Exercise objective:
Restate the records exactly. Include all of them.

Stored dataset items
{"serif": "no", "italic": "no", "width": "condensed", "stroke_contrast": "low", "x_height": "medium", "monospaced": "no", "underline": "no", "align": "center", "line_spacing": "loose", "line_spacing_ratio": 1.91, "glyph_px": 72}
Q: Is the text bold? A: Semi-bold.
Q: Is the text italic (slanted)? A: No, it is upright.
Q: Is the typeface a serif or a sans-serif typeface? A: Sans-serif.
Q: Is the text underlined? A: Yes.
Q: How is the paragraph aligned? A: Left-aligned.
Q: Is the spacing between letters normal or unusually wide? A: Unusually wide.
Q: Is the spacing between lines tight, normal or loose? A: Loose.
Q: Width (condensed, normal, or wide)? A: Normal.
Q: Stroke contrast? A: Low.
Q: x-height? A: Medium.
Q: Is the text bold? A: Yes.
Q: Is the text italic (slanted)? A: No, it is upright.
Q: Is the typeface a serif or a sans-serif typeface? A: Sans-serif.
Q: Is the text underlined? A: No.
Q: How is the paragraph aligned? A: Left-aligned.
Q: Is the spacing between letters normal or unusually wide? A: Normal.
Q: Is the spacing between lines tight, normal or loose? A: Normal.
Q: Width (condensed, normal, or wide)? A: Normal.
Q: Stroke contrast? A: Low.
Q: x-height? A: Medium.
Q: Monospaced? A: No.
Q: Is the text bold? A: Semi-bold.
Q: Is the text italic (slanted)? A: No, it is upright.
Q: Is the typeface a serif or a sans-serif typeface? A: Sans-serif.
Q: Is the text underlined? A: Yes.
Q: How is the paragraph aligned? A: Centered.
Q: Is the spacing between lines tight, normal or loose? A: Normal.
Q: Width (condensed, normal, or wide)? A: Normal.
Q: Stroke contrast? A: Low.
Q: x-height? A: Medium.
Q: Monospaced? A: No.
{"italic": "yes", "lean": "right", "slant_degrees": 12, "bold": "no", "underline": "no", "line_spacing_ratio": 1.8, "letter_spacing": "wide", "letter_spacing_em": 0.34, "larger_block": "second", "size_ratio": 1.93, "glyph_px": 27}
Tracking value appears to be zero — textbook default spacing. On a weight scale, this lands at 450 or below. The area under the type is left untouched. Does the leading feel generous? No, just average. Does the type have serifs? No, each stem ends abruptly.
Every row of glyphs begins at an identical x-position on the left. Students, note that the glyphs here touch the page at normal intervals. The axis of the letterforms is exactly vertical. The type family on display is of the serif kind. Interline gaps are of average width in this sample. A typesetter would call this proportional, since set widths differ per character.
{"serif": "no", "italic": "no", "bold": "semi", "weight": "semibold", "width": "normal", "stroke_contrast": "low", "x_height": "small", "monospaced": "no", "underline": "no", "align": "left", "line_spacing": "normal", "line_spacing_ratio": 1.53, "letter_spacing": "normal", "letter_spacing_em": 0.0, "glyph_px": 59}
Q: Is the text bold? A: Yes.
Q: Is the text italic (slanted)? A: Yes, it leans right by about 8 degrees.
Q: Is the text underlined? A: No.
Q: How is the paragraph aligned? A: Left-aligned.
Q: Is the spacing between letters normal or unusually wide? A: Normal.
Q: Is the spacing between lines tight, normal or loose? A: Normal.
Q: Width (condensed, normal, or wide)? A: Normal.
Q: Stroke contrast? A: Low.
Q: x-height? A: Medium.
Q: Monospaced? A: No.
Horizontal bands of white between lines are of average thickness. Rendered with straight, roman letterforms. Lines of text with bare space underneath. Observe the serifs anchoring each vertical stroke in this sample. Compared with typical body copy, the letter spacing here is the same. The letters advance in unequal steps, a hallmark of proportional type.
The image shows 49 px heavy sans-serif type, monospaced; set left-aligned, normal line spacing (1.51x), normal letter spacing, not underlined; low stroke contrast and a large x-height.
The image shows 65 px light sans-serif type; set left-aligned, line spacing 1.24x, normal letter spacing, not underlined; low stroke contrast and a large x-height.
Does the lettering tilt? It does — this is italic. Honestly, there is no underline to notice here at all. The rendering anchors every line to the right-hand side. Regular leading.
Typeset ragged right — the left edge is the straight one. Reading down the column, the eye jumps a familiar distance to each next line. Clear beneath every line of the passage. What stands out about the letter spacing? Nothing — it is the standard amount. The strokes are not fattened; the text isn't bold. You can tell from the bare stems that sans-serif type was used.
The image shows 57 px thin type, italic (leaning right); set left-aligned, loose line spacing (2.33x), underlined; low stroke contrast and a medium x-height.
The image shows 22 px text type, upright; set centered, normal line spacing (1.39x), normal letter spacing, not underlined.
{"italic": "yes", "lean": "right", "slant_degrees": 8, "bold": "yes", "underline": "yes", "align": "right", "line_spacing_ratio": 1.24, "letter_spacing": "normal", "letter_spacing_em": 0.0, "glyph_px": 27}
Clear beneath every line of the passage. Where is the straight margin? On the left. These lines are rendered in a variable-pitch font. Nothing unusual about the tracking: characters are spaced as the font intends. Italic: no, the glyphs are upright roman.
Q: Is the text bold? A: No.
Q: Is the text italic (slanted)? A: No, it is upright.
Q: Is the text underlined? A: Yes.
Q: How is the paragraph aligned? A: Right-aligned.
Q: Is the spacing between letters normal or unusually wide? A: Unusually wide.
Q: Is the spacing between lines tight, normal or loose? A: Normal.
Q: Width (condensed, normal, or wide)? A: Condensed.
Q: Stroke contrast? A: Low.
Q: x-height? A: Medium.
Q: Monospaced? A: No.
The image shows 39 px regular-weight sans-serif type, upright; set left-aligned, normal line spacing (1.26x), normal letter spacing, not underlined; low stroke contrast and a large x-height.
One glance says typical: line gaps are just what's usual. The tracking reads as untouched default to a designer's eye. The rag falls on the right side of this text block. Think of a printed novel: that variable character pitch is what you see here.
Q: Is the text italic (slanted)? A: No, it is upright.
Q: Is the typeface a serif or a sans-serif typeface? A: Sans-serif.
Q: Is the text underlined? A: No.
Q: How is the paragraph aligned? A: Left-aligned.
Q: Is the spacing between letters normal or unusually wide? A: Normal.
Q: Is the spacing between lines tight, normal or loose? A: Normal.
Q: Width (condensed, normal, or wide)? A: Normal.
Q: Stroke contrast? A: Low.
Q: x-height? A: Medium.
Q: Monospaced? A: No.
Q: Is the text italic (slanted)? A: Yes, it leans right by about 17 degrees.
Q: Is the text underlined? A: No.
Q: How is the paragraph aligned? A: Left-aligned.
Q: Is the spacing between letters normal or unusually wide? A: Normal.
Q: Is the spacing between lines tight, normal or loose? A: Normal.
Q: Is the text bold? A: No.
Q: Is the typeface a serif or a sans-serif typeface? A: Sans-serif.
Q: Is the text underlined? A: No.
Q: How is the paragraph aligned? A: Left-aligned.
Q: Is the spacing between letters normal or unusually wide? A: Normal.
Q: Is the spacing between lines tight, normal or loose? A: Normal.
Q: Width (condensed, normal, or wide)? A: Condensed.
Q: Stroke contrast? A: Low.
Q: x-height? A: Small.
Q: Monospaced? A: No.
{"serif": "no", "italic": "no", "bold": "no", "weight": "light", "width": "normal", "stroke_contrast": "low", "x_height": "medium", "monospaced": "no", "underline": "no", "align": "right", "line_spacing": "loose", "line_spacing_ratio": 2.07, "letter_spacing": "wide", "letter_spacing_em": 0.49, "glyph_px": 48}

Finished task:
{"serif": "no", "italic": "no", "width": "condensed", "stroke_contrast": "low", "x_height": "medium", "monospaced": "no", "underline": "no", "align": "center", "line_spacing": "loose", "line_spacing_ratio": 1.91, "glyph_px": 72}
Q: Is the text bold? A: Semi-bold.
Q: Is the text italic (slanted)? A: No, it is upright.
Q: Is the typeface a serif or a sans-serif typeface? A: Sans-serif.
Q: Is the text underlined? A: Yes.
Q: How is the paragraph aligned? A: Left-aligned.
Q: Is the spacing between letters normal or unusually wide? A: Unusually wide.
Q: Is the spacing between lines tight, normal or loose? A: Loose.
Q: Width (condensed, normal, or wide)? A: Normal.
Q: Stroke contrast? A: Low.
Q: x-height? A: Medium.
Q: Is the text bold? A: Yes.
Q: Is the text italic (slanted)? A: No, it is upright.
Q: Is the typeface a serif or a sans-serif typeface? A: Sans-serif.
Q: Is the text underlined? A: No.
Q: How is the paragraph aligned? A: Left-aligned.
Q: Is the spacing between letters normal or unusually wide? A: Normal.
Q: Is the spacing between lines tight, normal or loose? A: Normal.
Q: Width (condensed, normal, or wide)? A: Normal.
Q: Stroke contrast? A: Low.
Q: x-height? A: Medium.
Q: Monospaced? A: No.
Q: Is the text bold? A: Semi-bold.
Q: Is the text italic (slanted)? A: No, it is upright.
Q: Is the typeface a serif or a sans-serif typeface? A: Sans-serif.
Q: Is the text underlined? A: Yes.
Q: How is the paragraph aligned? A: Centered.
Q: Is the spacing between lines tight, normal or loose? A: Normal.
Q: Width (condensed, normal, or wide)? A: Normal.
Q: Stroke contrast? A: Low.
Q: x-height? A: Medium.
Q: Monospaced? A: No.
{"italic": "yes", "lean": "right", "slant_degrees": 12, "bold": "no", "underline": "no", "line_spacing_ratio": 1.8, "letter_spacing": "wide", "letter_spacing_em": 0.34, "larger_block": "second", "size_ratio": 1.93, "glyph_px": 27}
Tracking value appears to be zero — textbook default spacing. On a weight scale, this lands at 450 or below. The area under the type is left untouched. Does the leading feel generous? No, just average. Does the type have serifs? No, each stem ends abruptly.
Every row of glyphs begins at an identical x-position on the left. Students, note that the glyphs here touch the page at normal intervals. The axis of the letterforms is exactly vertical. The type family on display is of the serif kind. Interline gaps are of average width in this sample. A typesetter would call this proportional, since set widths differ per character.
{"serif": "no", "italic": "no", "bold": "semi", "weight": "semibold", "width": "normal", "stroke_contrast": "low", "x_height": "small", "monospaced": "no", "underline": "no", "align": "left", "line_spacing": "normal", "line_spacing_ratio": 1.53, "letter_spacing": "normal", "letter_spacing_em": 0.0, "glyph_px": 59}
Q: Is the text bold? A: Yes.
Q: Is the text italic (slanted)? A: Yes, it leans right by about 8 degrees.
Q: Is the text underlined? A: No.
Q: How is the paragraph aligned? A: Left-aligned.
Q: Is the spacing between letters normal or unusually wide? A: Normal.
Q: Is the spacing between lines tight, normal or loose? A: Normal.
Q: Width (condensed, normal, or wide)? A: Normal.
Q: Stroke contrast? A: Low.
Q: x-height? A: Medium.
Q: Monospaced? A: No.
Horizontal bands of white between lines are of average thickness. Rendered with straight, roman letterforms. Lines of text with bare space underneath. Observe the serifs anchoring each vertical stroke in this sample. Compared with typical body copy, the letter spacing here is the same. The letters advance in unequal steps, a hallmark of proportional type.
The image shows 49 px heavy sans-serif type, monospaced; set left-aligned, normal line spacing (1.51x), normal letter spacing, not underlined; low stroke contrast and a large x-height.
The image shows 65 px light sans-serif type; set left-aligned, line spacing 1.24x, normal letter spacing, not underlined; low stroke contrast and a large x-height.
Does the lettering tilt? It does — this is italic. Honestly, there is no underline to notice here at all. The rendering anchors every line to the right-hand side. Regular leading.
Typeset ragged right — the left edge is the straight one. Reading down the column, the eye jumps a familiar distance to each next line. Clear beneath every line of the passage. What stands out about the letter spacing? Nothing — it is the standard amount. The strokes are not fattened; the text isn't bold. You can tell from the bare stems that sans-serif type was used.
The image shows 57 px thin type, italic (leaning right); set left-aligned, loose line spacing (2.33x), underlined; low stroke contrast and a medium x-height.
The image shows 22 px text type, upright; set centered, normal line spacing (1.39x), normal letter spacing, not underlined.
{"italic": "yes", "lean": "right", "slant_degrees": 8, "bold": "yes", "underline": "yes", "align": "right", "line_spacing_ratio": 1.24, "letter_spacing": "normal", "letter_spacing_em": 0.0, "glyph_px": 27}
Clear beneath every line of the passage. Where is the straight margin? On the left. These lines are rendered in a variable-pitch font. Nothing unusual about the tracking: characters are spaced as the font intends. Italic: no, the glyphs are upright roman.
Q: Is the text bold? A: No.
Q: Is the text italic (slanted)? A: No, it is upright.
Q: Is the text underlined? A: Yes.
Q: How is the paragraph aligned? A: Right-aligned.
Q: Is the spacing between letters normal or unusually wide? A: Unusually wide.
Q: Is the spacing between lines tight, normal or loose? A: Normal.
Q: Width (condensed, normal, or wide)? A: Condensed.
Q: Stroke contrast? A: Low.
Q: x-height? A: Medium.
Q: Monospaced? A: No.
The image shows 39 px regular-weight sans-serif type, upright; set left-aligned, normal line spacing (1.26x), normal letter spacing, not underlined; low stroke contrast and a large x-height.
One glance says typical: line gaps are just what's usual. The tracking reads as untouched default to a designer's eye. The rag falls on the right side of this text block. Think of a printed novel: that variable character pitch is what you see here.
Q: Is the text italic (slanted)? A: No, it is upright.
Q: Is the typeface a serif or a sans-serif typeface? A: Sans-serif.
Q: Is the text underlined? A: No.
Q: How is the paragraph aligned? A: Left-aligned.
Q: Is the spacing between letters normal or unusually wide? A: Normal.
Q: Is the spacing between lines tight, normal or loose? A: Normal.
Q: Width (condensed, normal, or wide)? A: Normal.
Q: Stroke contrast? A: Low.
Q: x-height? A: Medium.
Q: Monospaced? A: No.
Q: Is the text italic (slanted)? A: Yes, it leans right by about 17 degrees.
Q: Is the text underlined? A: No.
Q: How is the paragraph aligned? A: Left-aligned.
Q: Is the spacing between letters normal or unusually wide? A: Normal.
Q: Is the spacing between lines tight, normal or loose? A: Normal.
Q: Is the text bold? A: No.
Q: Is the typeface a serif or a sans-serif typeface? A: Sans-serif.
Q: Is the text underlined? A: No.
Q: How is the paragraph aligned? A: Left-aligned.
Q: Is the spacing between letters normal or unusually wide? A: Normal.
Q: Is the spacing between lines tight, normal or loose? A: Normal.
Q: Width (condensed, normal, or wide)? A: Condensed.
Q: Stroke contrast? A: Low.
Q: x-height? A: Small.
Q: Monospaced? A: No.
{"serif": "no", "italic": "no", "bold": "no", "weight": "light", "width": "normal", "stroke_contrast": "low", "x_height": "medium", "monospaced": "no", "underline": "no", "align": "right", "line_spacing": "loose", "line_spacing_ratio": 2.07, "letter_spacing": "wide", "letter_spacing_em": 0.49, "glyph_px": 48}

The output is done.